Doch dass es Chebli auch jenseits des finanziellen Aspekts zurück in die Öffentlichkeit drängt, wird an manchen Debatten deutlich. So sagte sie jüngst in einem Podcast: „Antisemitismus bedroht uns alle, es bedroht vor allem auch Muslime.“ Der allgemeinen Definition nach ist Antisemitismus der Hass gegen Menschen jüdischen Glaubens, der allerdings oft völkisch statt religiös begangen wird. Laut Chebli trifft der Hass gegen Juden vor allem Muslime.

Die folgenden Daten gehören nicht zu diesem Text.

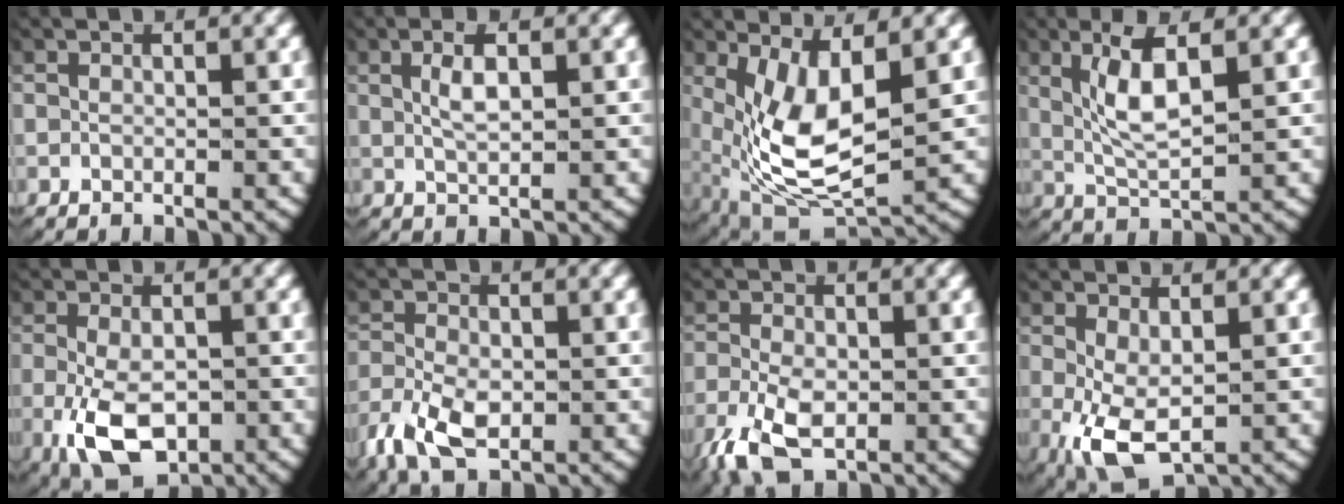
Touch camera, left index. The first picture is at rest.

In der Rechtfertigung sagte Chebli, es seien oft Rechtsextreme, die Juden hassten. Deswegen müssten sich jüdische und muslimische Gemeinden gegen diese verbünden. Im Podcast hatte sich das zuvor noch anders angehört: Da sagte sie, sie engagiere sich gegen Antisemitismus, „weil ich es so traurig finde, dass diese vor allem junge Menschen einen Stempel bekommen als Antisemiten und dann auch ihnen eine Zukunft verwehrt wird damit“.

Das heißt: Nicht der Täter ist schuld, wenn er eine Tat begeht – sondern es ist das Vergehen, dass den Täter zur Tat zwingt und somit zum Opfer macht. Der Gedanke ist … interessant. Zumindet in Faesers Innenministerium dürfte Chebli damit offene Türen einrennen.